Según Ripley, la técnica del “looping” o bucle consiste en escuchar activamente para comprender la perspectiva del otro, sin necesariamente llegar a un acuerdo, pero demostrando genuino interés. Esta práctica reduce la hostilidad y abre espacios para descubrir la verdadera raíz de los conflictos, que muchas veces está relacionada con necesidades humanas básicas como el respeto, el reconocimiento, el cuidado y el manejo del estrés. Fomentar la escucha profunda y el reconocimiento del “subtexto” que acompaña nuestras disputas es fundamental para desactivar la permanente escalada y evitar que las confrontaciones causen más daño del que pretenden remediar. Además, debemos entender que el conflicto no es algo que debe evitarse por completo; al contrario, es un componente natural y necesario para la convivencia democrática. El conflicto saludable genera energía, creatividad y compromiso.

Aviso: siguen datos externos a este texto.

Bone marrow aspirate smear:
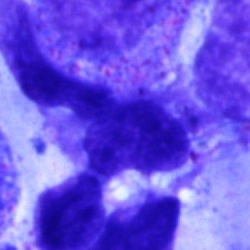 {"cell_type": "artefact"}
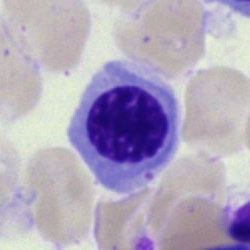

Cell — erythroblast.
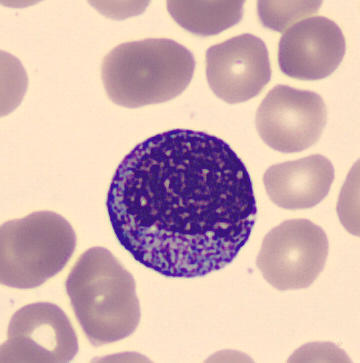 Classification: progranulocyte. Preparation: Peripheral blood smear.
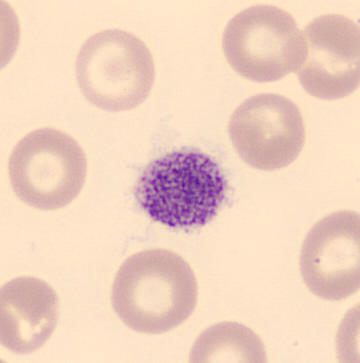Preparation: Peripheral blood smear. 360 by 363 pixels. Morphological class = platelet (thrombocyte).
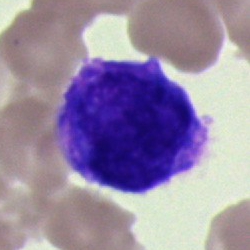 Q: Identify the cell.
A: Blast cell.
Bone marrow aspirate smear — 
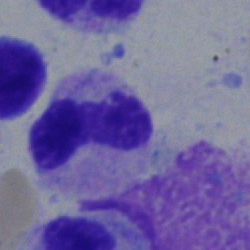Cell type = erythroblast.
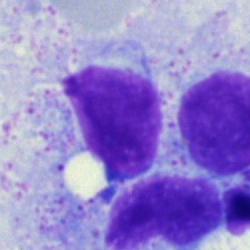
Specimen: bone marrow smear.
Cell: lymphocyte.
Lineage: lymphoid.
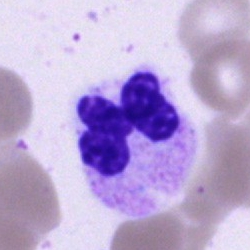

Single-cell crop from a bone marrow smear: segmented neutrophil.
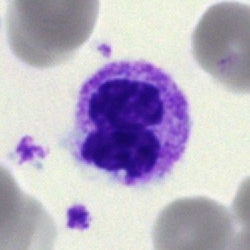Specimen: bone marrow smear.
Morphological class: polymorphonuclear neutrophil.

Lo peligroso es el conflicto tóxico que nos atrapa y nos impide ser curiosos y abiertos a la diversidad y a la complejidad de la realidad. Para cultivar un conflicto saludable necesitamos recuperar la confianza social construida a partir de interacciones positivas que superen en proporción a las negativas, generando un colchón de buena voluntad. Como señala la investigación en relaciones interpersonales, la proporción mágica es de cinco interacciones positivas por cada negativa. Ese equilibrio puede ser aplicado también en bandas sociales más amplias y en espacios comunitarios. El fortalecimiento del tejido social, la educación para la gestión de emociones y la promoción de espacios en los que convivan distintas perspectivas con respeto son instrumentos fundamentales para construir resiliencia social y reconstruir democracias debilitadas.
Por otro lado, la gestión de crisis demanda un conocimiento profundo de cómo reaccionamos los humanos ante situaciones extremas. Contrario a lo que muestra la ficción, no todas las personas entran en pánico o actúan con irracionalidad; muchas razonan con deliberación, cooperan y encuentran formas creativas de superar el peligro. Sin embargo, es común observar respuestas como el sesgo de normalidad, en el que las personas tienden a minimizar la gravedad de una situación y demoran en actuar, lo que puede costar vidas en contextos de emergencia. La preparación, el entrenamiento y la familiarización previa con posibles escenarios de riesgo fortalecen el “músculo” de la esperanza y la agencia individual y colectiva, que son imprescindibles para actuar con eficacia en crisis. Por último, en cuanto al consumo de noticias, es fundamental replantear los modelos periodísticos y de comunicación, dándoles un enfoque más humano que incorpore el respeto por la dignidad, la inclusión de narrativas que aporten esperanza y la promoción de la agencia ciudadana.